Literature Research / Notes


2003 dry toilet conference Tampere, Finland

The urine you produce annually consist except water of among other things:

  • 5,6 kg nitrogen (N)
  • 0,4 kg phosphorous (P)
  • 1,0 kg potassium (K)

With this amount of nutrients you can fertilize and produce about 200-250 kg corn. It is claimed that one persons urine is enough to fertilize his or her own food.

When urine in one form or another ends up in water it fertilizes different organisms, mainly vegetation and various algae. An abundant amount of nutritious sewage water is one of the reasons why so called blue-green algae (cyanobacteria) and the flowering of algae has increased. It is estimated that the amount nutrients found in one liter of urine is enough to produce about 1 kilogram of algae, provided that all the phosphorus and nitrogen oxides in the urine are used to the maximum.

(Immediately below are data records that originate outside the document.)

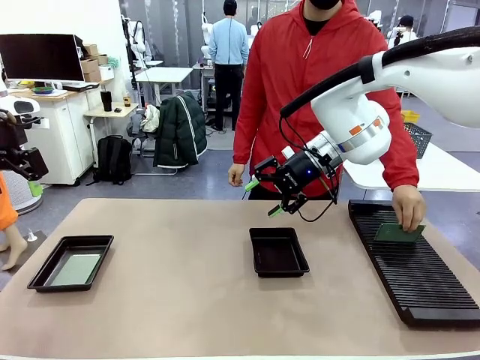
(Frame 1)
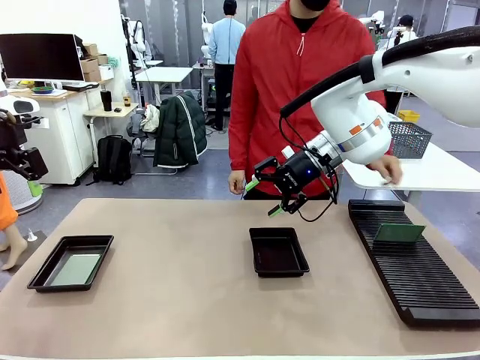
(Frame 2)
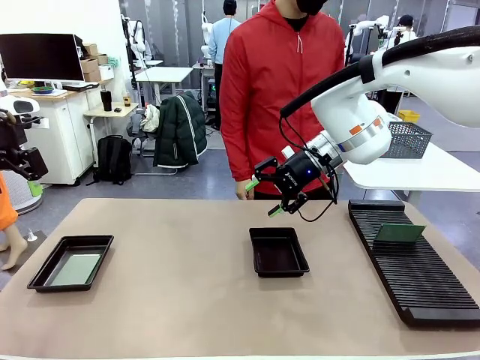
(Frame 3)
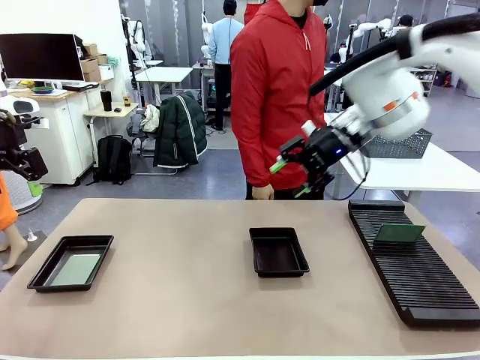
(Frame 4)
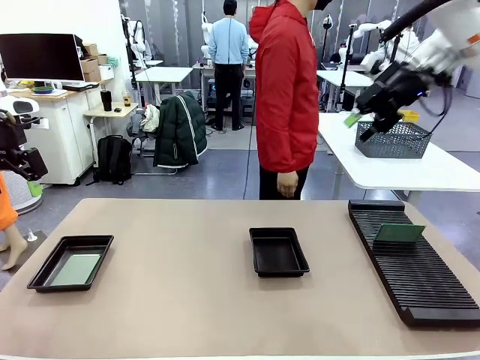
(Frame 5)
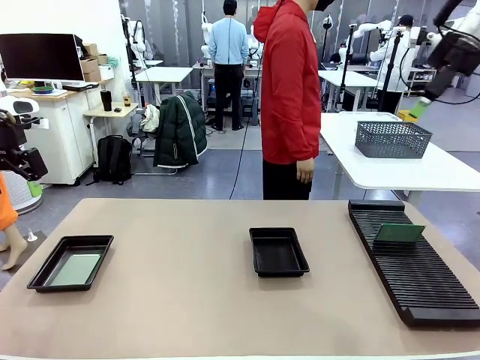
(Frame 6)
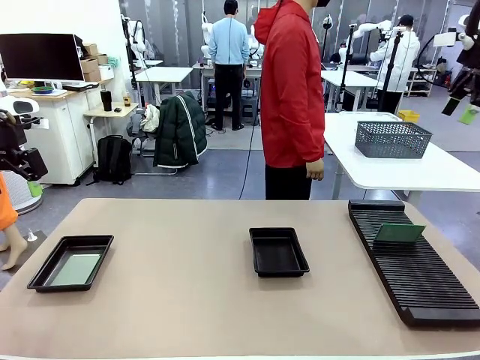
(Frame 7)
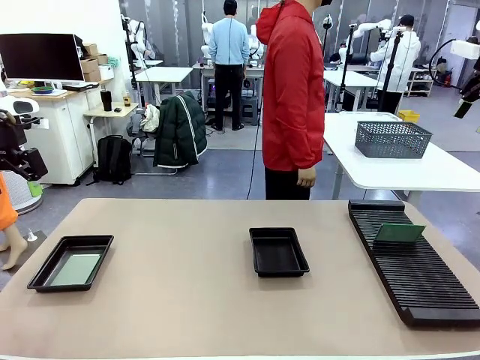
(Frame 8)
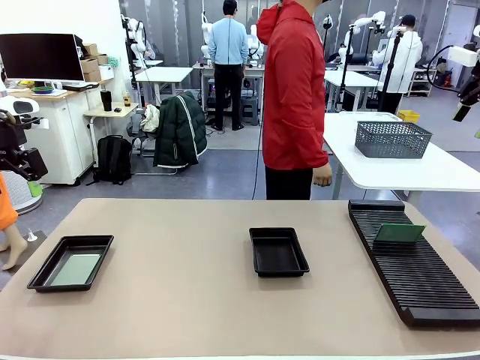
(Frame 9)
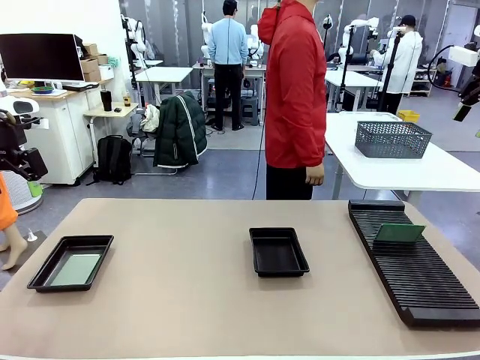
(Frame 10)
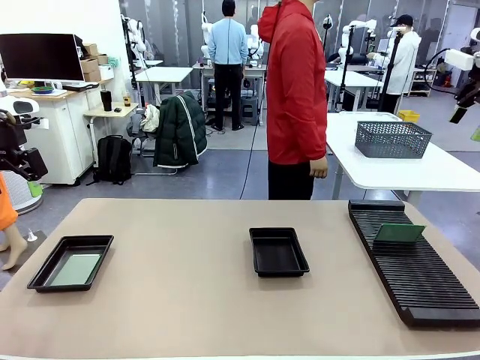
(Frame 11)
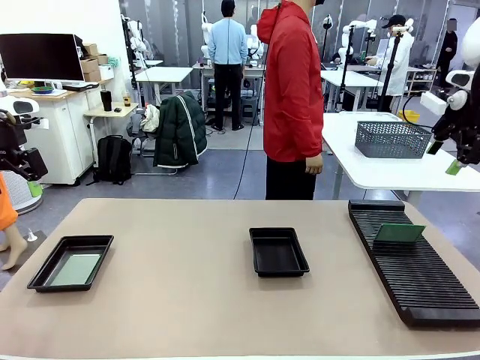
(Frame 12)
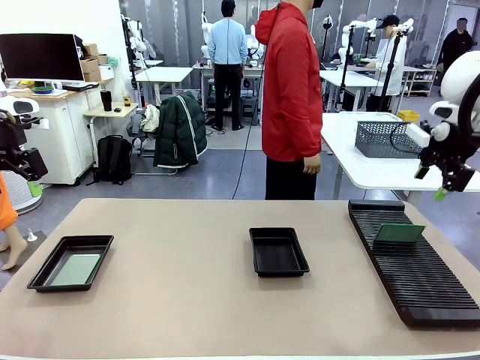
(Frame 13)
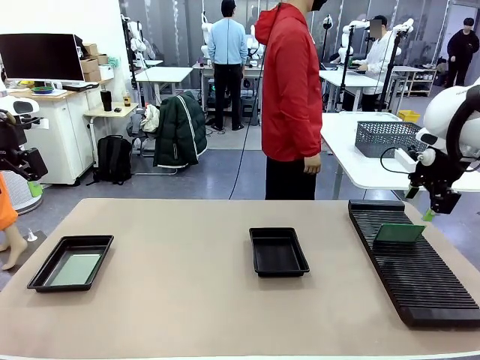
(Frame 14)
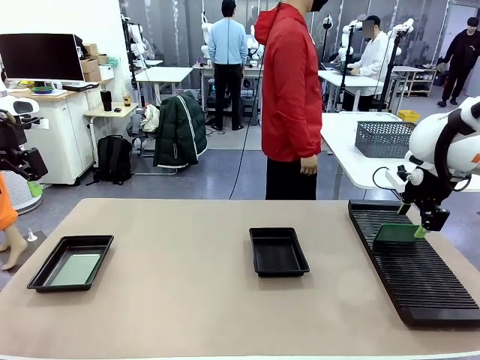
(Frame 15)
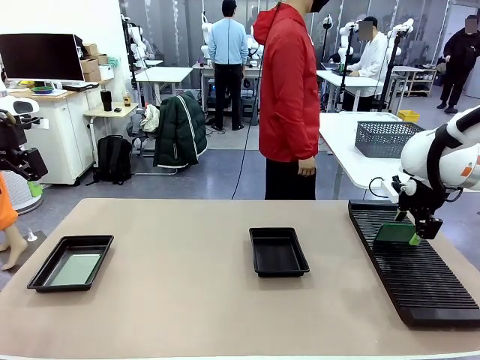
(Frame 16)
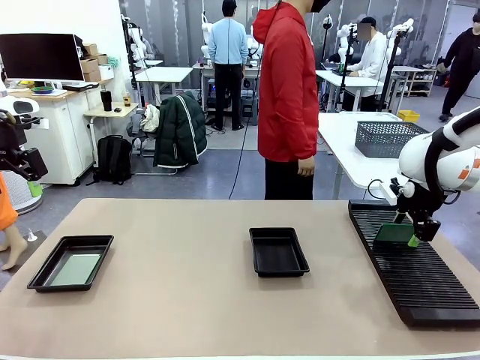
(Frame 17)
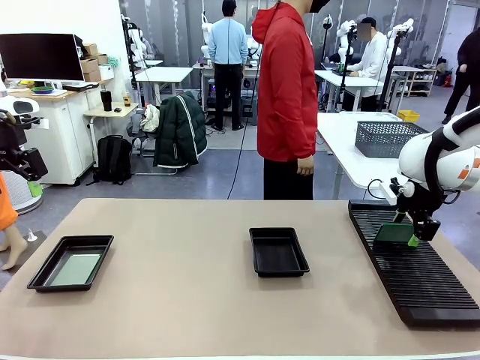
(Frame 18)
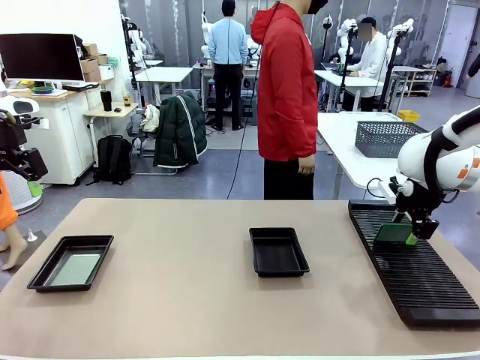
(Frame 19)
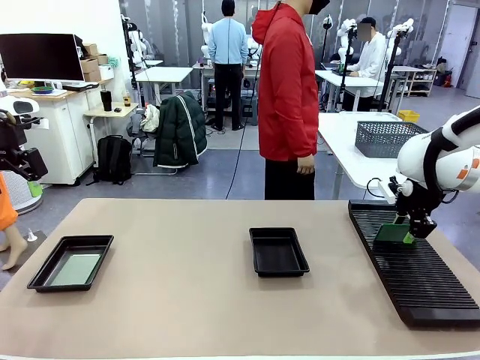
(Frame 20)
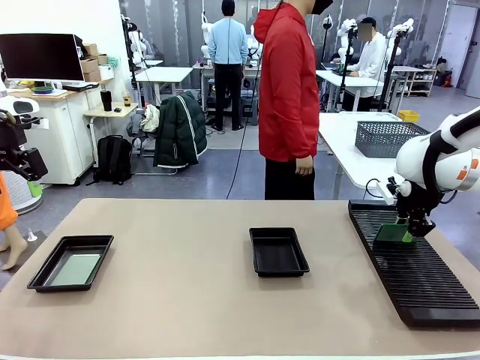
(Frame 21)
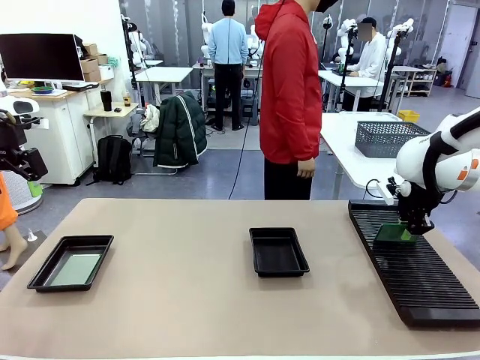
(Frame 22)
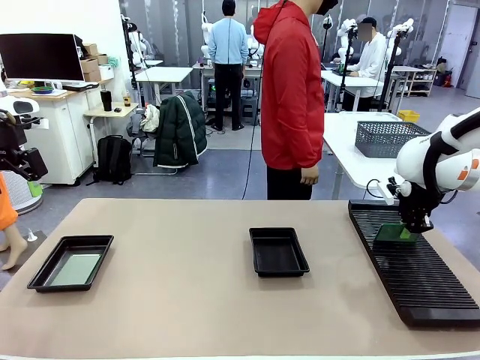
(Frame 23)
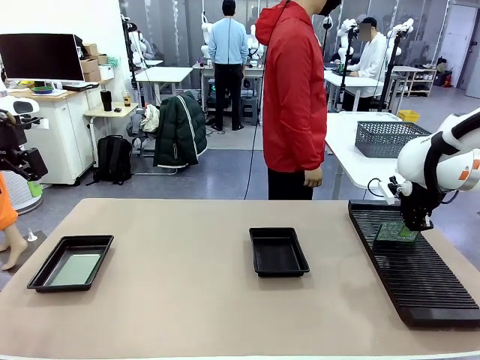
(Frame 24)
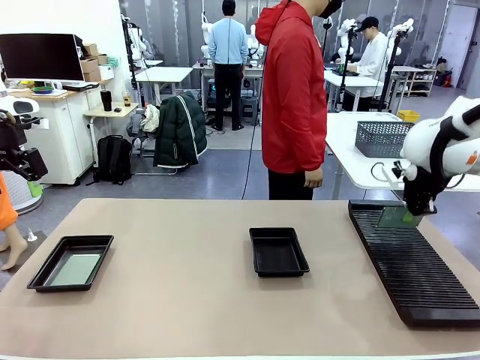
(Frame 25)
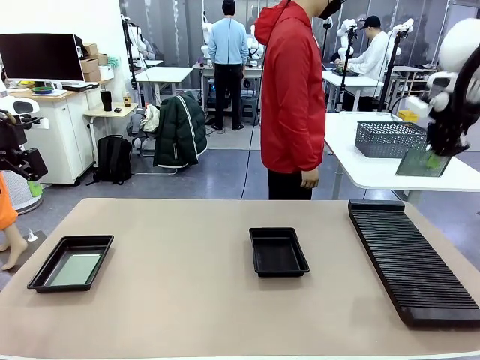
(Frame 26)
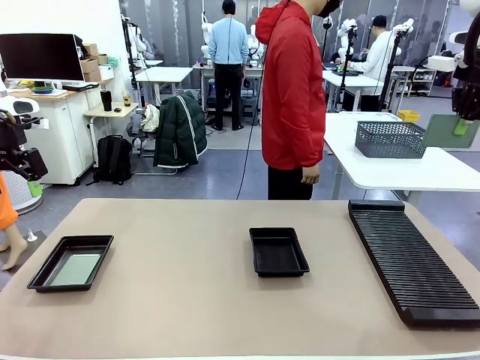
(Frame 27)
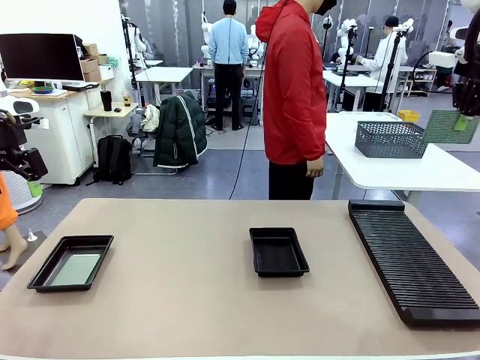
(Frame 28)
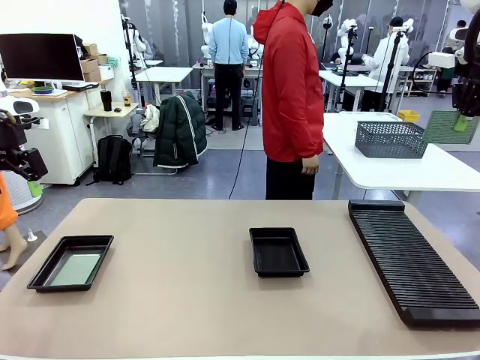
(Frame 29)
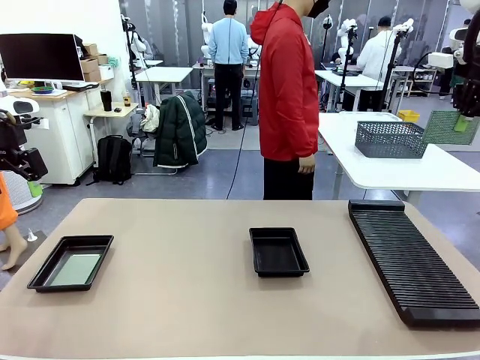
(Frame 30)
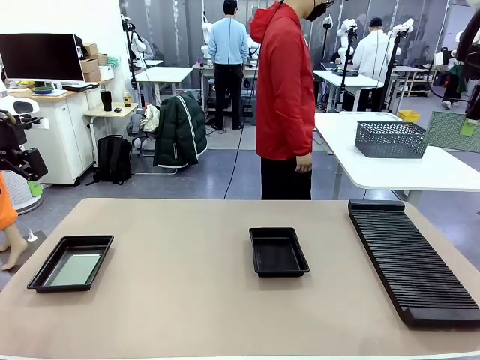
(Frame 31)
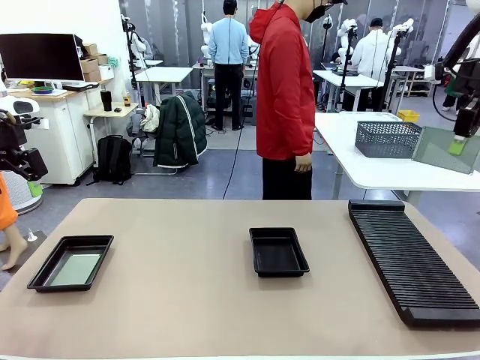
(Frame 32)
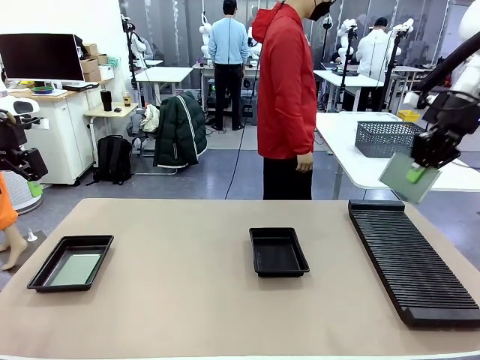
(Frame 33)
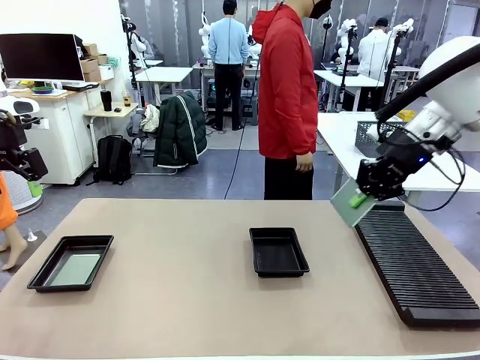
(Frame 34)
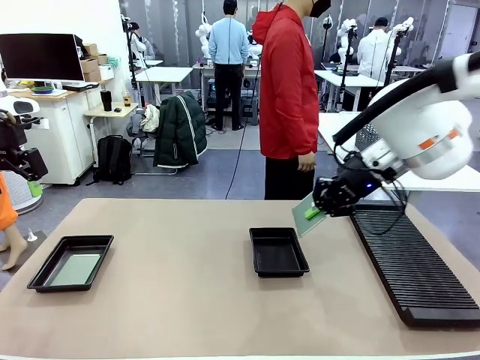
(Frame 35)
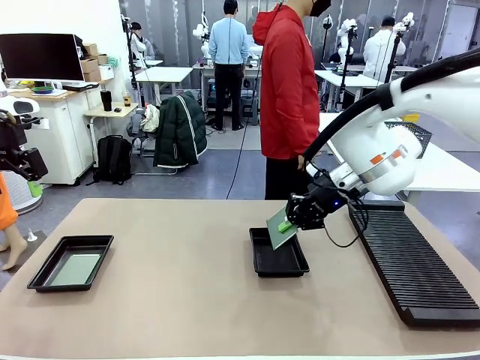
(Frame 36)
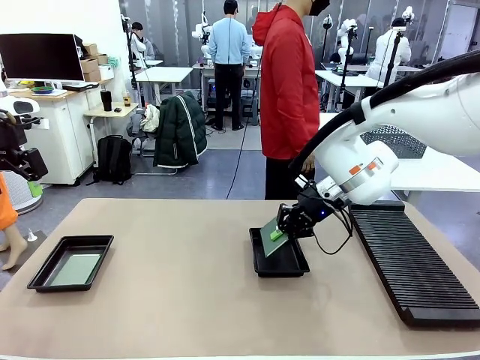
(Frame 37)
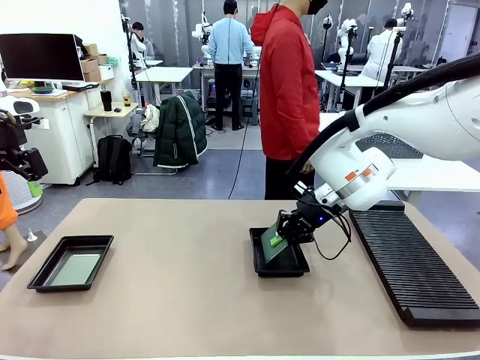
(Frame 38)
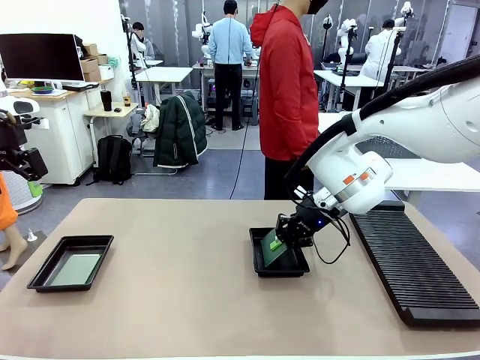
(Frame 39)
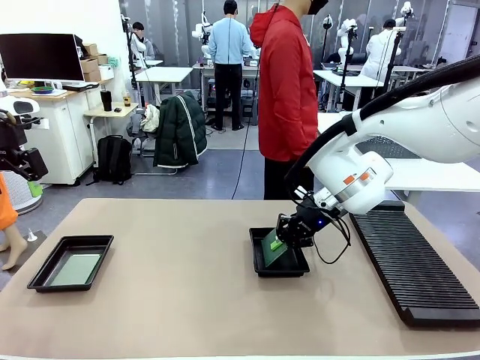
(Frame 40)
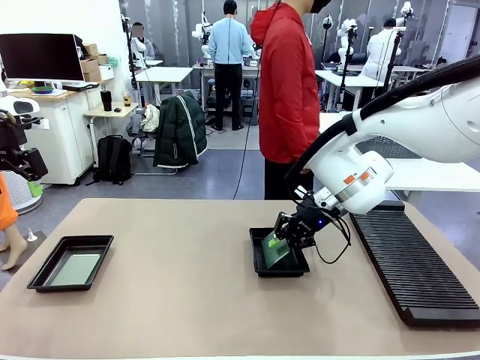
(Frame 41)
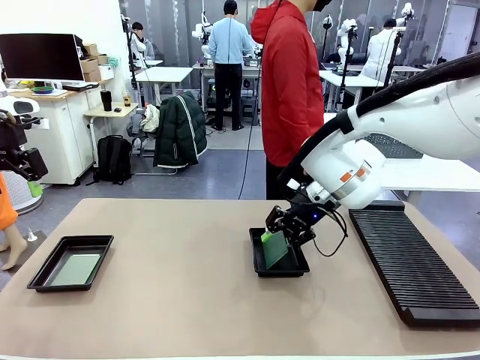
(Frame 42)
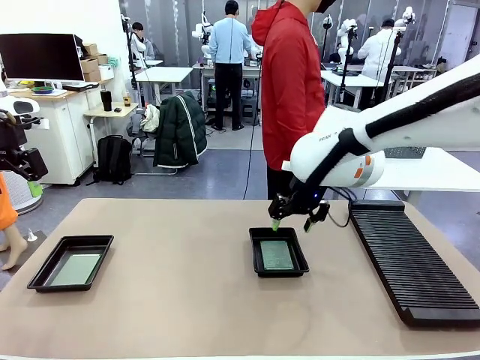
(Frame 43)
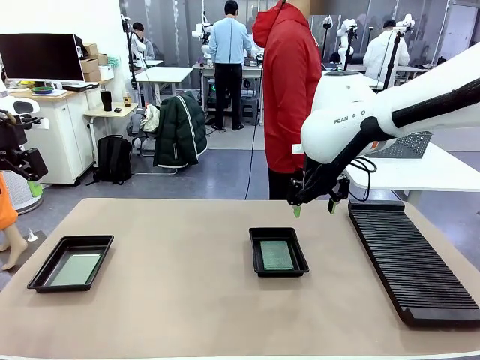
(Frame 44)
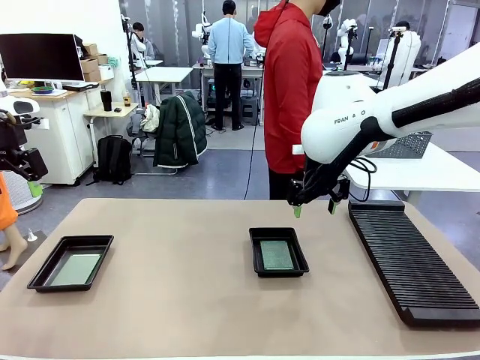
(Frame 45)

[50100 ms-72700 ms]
Task: Inspect and transfer BCBs to ESD trays.
Robot: Pick up the Blank PCB from the PCB Rack and place it in the right ESD tray.

1st international symposium on ecological sanitation (Closing the loop)

The Mexican model of the urine-diverting toilet represents a modification of the Vietnamese double vault toilet. The urine is diverted and can be used as a liquid fertilizer (approximately 1:5 to 1:10 dilution with water).

Ninety-six percent of what is needed for healthy plant growth is provided by oxygen (45%), carbon (45%), and hydrogen (6%). Elements are required in smaller amounts, such as nitrogen (1.5%), phosphorous (0.15%), potassium (0.15%) and others (0.2%), but they are equally as important as the major elements. In general, green, leafy, non-legume vegetables need more nitrogen than other types of plants. Flowering and fruiting vegetables need more phosphorous, and root vegetables need more potassium.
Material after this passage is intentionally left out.